Researchers at the Australian National University (ANU) have created the world’s most efficient solar thermal installation.
Grid-scale renewable energy generation moves closer to commercial reality
Their efforts will help renewable energy compete with the electricity generated from conventional sources.
The ANU team has redesigned the system’s receiver for a solar concentrator dish. They have used a 500 square meter solar concentrator dish made up of a concave surface of reflectors, directing sunlight to a receiver suspended at the focal point. It focuses the power of 2,100 suns onto the receiver, through which water is pumped and heated to 500 degrees Celsius.
The team described its ultra-efficient receiver design as a cavity that resembles a top hat with a narrow opening and a wide brim. The dish reflects sunlight onto the water pipes that spiral around the underside of the brim and up into the hat…heating the water and turning it into steam.

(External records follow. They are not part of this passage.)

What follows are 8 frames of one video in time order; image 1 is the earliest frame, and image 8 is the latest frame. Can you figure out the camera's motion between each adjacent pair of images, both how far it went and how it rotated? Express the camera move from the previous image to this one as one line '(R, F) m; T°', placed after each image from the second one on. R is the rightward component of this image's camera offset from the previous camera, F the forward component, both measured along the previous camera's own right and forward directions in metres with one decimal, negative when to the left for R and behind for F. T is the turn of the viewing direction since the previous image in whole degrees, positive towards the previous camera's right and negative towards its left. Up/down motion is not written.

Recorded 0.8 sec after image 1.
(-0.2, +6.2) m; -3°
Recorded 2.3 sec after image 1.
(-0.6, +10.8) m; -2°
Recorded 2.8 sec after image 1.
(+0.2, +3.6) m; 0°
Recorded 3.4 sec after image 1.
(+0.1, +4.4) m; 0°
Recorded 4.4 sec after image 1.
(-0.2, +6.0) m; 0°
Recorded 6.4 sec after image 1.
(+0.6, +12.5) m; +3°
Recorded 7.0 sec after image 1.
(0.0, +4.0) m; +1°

It is designed in a way that it halved its energy losses and achieved a 97 percent conversion of sunlight into steam.
As per ANU’s Dr. John Pye, this new design could result in a 10% reduction in the cost of solar thermal electricity.

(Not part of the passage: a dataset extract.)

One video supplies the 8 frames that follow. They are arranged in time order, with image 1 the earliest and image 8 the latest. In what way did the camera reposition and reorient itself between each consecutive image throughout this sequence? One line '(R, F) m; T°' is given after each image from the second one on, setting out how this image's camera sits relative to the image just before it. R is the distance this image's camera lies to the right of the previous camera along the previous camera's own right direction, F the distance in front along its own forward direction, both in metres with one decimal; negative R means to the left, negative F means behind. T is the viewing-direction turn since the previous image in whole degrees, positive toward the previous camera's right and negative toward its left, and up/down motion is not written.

Pye said, “Ultimately the work in this project is all about reducing the cost of concentrating solar thermal energy. Our aim is to get costs down to 12 cents per kilowatt-hour of electricity, so that this technology will be competitive. This new design could result in a 10 percent reduction in the cost of solar thermal electricity. I’m optimistic that our technology can play a role in the grid, by helping to provide power at night without fossil fuel power stations running.”